The first section demonstrates the core function xoDetect(), which localizes and individualizes recombination in families with both parents and three or more children, and localizes recombination in families with both parents and exactly two children. It filters artifacts arising from genotyping error and other experimental error using the default SNP-based criterion of five consecutive informative SNPs to confirm a recombination event, as well as a map-based criterion of one centiMorgan to confirm a recombination event.
# Detect recombinations in families with two parents and three or more children
# and families with two parents and exactly two children
# Filter for recombination with SNP-based and cM-based filters at default values
# Option to select for only SNPs that have an rs number is disabled by default
exampleDir <- system.file("extdata", package = "inferRecom")
simCEU <- file.path(exampleDir, "simCEU")
mapFemale <- file.path(exampleDir, "female_chr4.txt")
mapMale <- file.path(exampleDir, "male_chr4.txt")

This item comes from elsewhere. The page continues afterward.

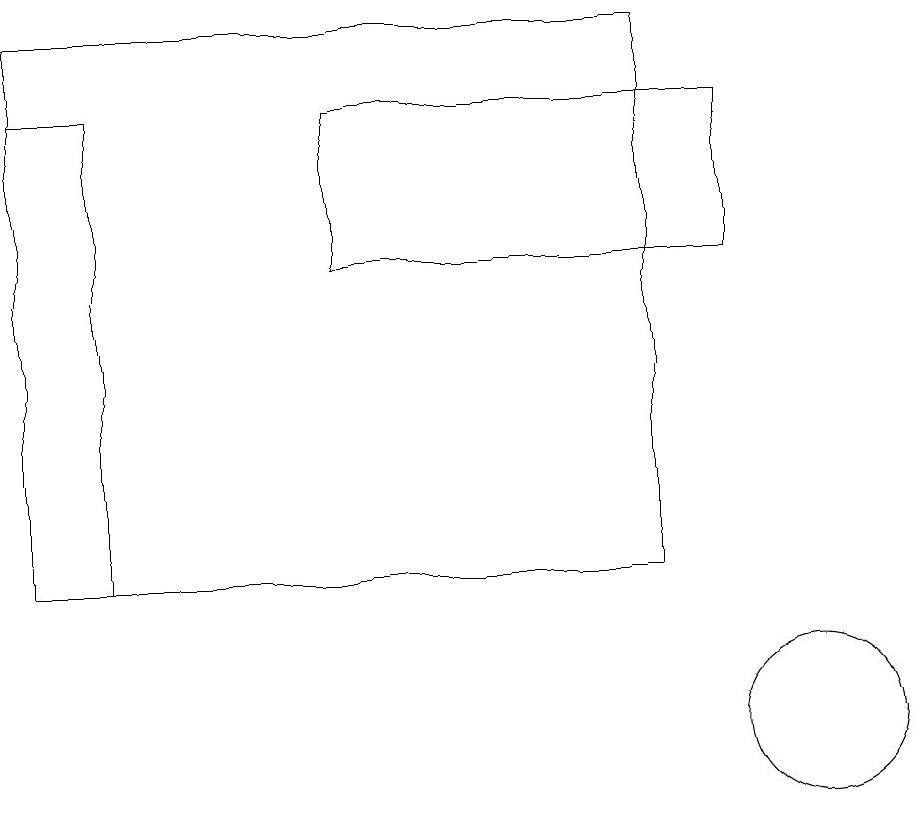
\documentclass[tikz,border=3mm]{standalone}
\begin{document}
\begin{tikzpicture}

pat3 <- xoDetect(simCEU, mapMale, familySize = 3, parent = "father", caseControl = FALSE)
mat3 <- xoDetect(simCEU, mapFemale, familySize = 3, parent = "mother", caseControl = FALSE)
pat2 <- xoDetect(simCEU, mapMale, familySize = 2, parent = "father")

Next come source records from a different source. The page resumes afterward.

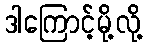
ဒါကြောင့်မို့လို့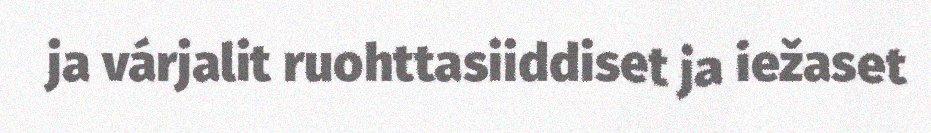
ja várjalit ruohttasiiddiset ja iežaset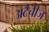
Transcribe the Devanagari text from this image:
अटैचीज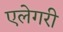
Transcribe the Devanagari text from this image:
एलेगरी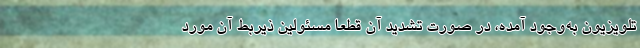
تلویزیون به‌وجود آمده، در صورت تشدید آن قطعاً مسئولین ذیربط آن مورد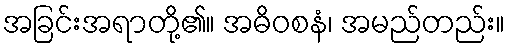
အခြင်းအရာတို့၏။ အဓိဝစနံ၊ အမည်တည်း။

mat2 <- xoDetect(simCEU, mapFemale, familySize = 2, parent = "mother")
pat3
#> GRanges object with 3 ranges and 6 metadata columns:
#> seqnames ranges strand | childId familyId startSnp
#> <Rle> <IRanges> <Rle> | <character> <character> <character>
#> [1] chr4 78432058-78432285 * | F6C2 F6 rs10026702
#> [2] chr4 78393878-78424195 * | F8C3 F8 rs4450960
#> [3] chr4 78084453-78100731 * | F8C5 F8 rs17327923
#> finishSnp startCm finishCm
#> <character> <numeric> <numeric>
#> [1] rs10026918 57.3462 57.3462
#> [2] rs17400095 57.3424 57.3462
#> [3] rs2645687 57.3172 57.3178
#> -------
#> seqinfo: 1 sequence from an unspecified genome; no seqlengthsThe output of the functions is a GRanges object or list showing the individual/family IDs, SNP IDs, locations, and recombination rate map centiMorgan distances for each recombination. Given that families with two children do not have sufficient information to infer the recombinant child, the ‘CHILD’ column is omitted in the output. If the caseControl option is specified, a list of GRanges separated by case/control status is returned. The results with the default filtering parameters are shown below.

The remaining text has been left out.